● What is needed:
Exclude every picture and return the remaining entries below verbatim.

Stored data
====================
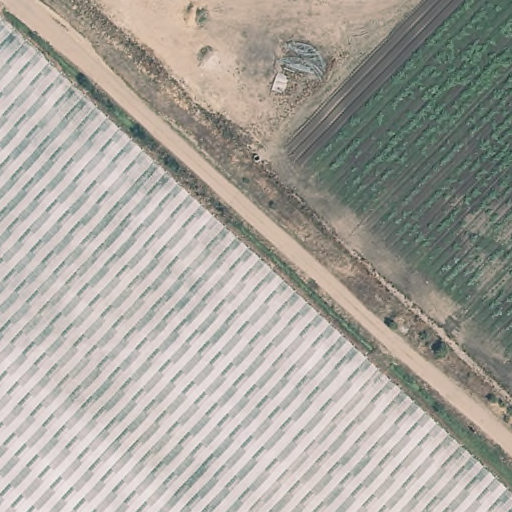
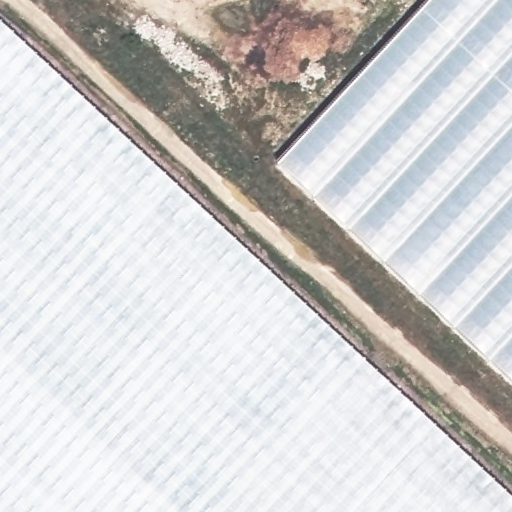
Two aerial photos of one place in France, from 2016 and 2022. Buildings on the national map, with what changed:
new [(278,164),(430,0),(512,0),(512,381),(278,164)]
unchanged [(0,512),(0,16),(512,490),(512,512),(0,512)]

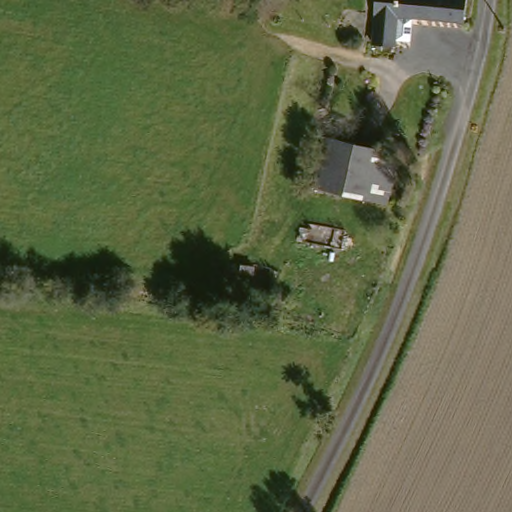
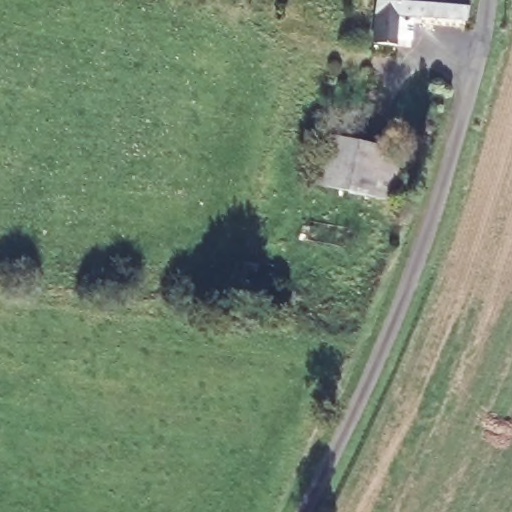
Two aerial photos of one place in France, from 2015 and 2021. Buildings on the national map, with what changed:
unchanged [(397,11),(391,45),(369,41),(376,0),(399,0),(397,11)]
unchanged [(466,21),(397,11),(399,0),(472,0),(466,21)]
unchanged [(340,174),(338,188),(314,184),(323,137),(346,141),(340,174)]
unchanged [(394,149),(386,197),(338,188),(340,174),(346,141),(394,149)]

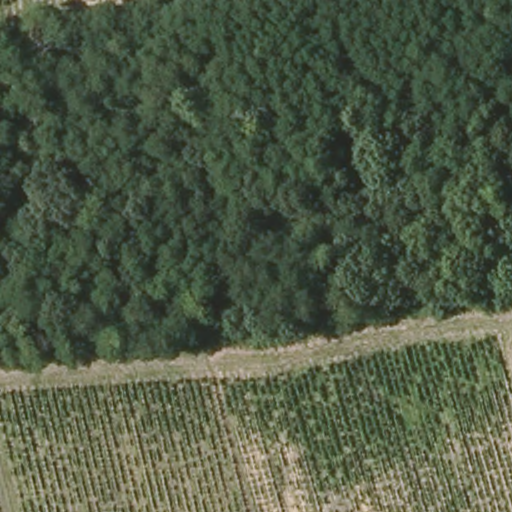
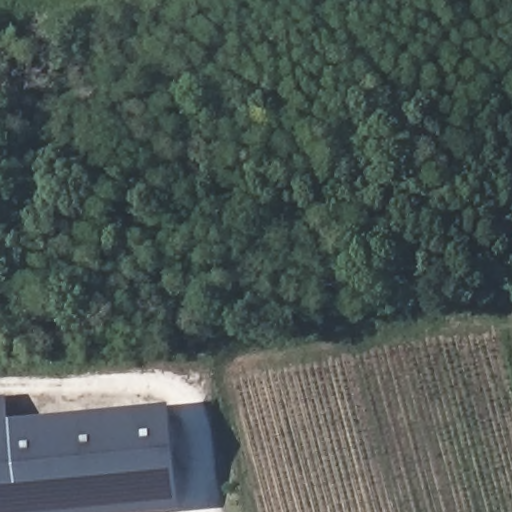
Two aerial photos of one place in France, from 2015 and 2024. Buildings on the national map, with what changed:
new [(170,407),(180,511),(175,512),(0,512),(0,398),(5,398),(8,422),(170,407)]
====================
● Solution:
Two aerial photos of one place in France, from 2016 and 2022. Buildings on the national map, with what changed:
new [(278,164),(430,0),(512,0),(512,381),(278,164)]
unchanged [(0,512),(0,16),(512,490),(512,512),(0,512)]

Two aerial photos of one place in France, from 2015 and 2021. Buildings on the national map, with what changed:
unchanged [(397,11),(391,45),(369,41),(376,0),(399,0),(397,11)]
unchanged [(466,21),(397,11),(399,0),(472,0),(466,21)]
unchanged [(340,174),(338,188),(314,184),(323,137),(346,141),(340,174)]
unchanged [(394,149),(386,197),(338,188),(340,174),(346,141),(394,149)]

Two aerial photos of one place in France, from 2015 and 2024. Buildings on the national map, with what changed:
new [(170,407),(180,511),(175,512),(0,512),(0,398),(5,398),(8,422),(170,407)]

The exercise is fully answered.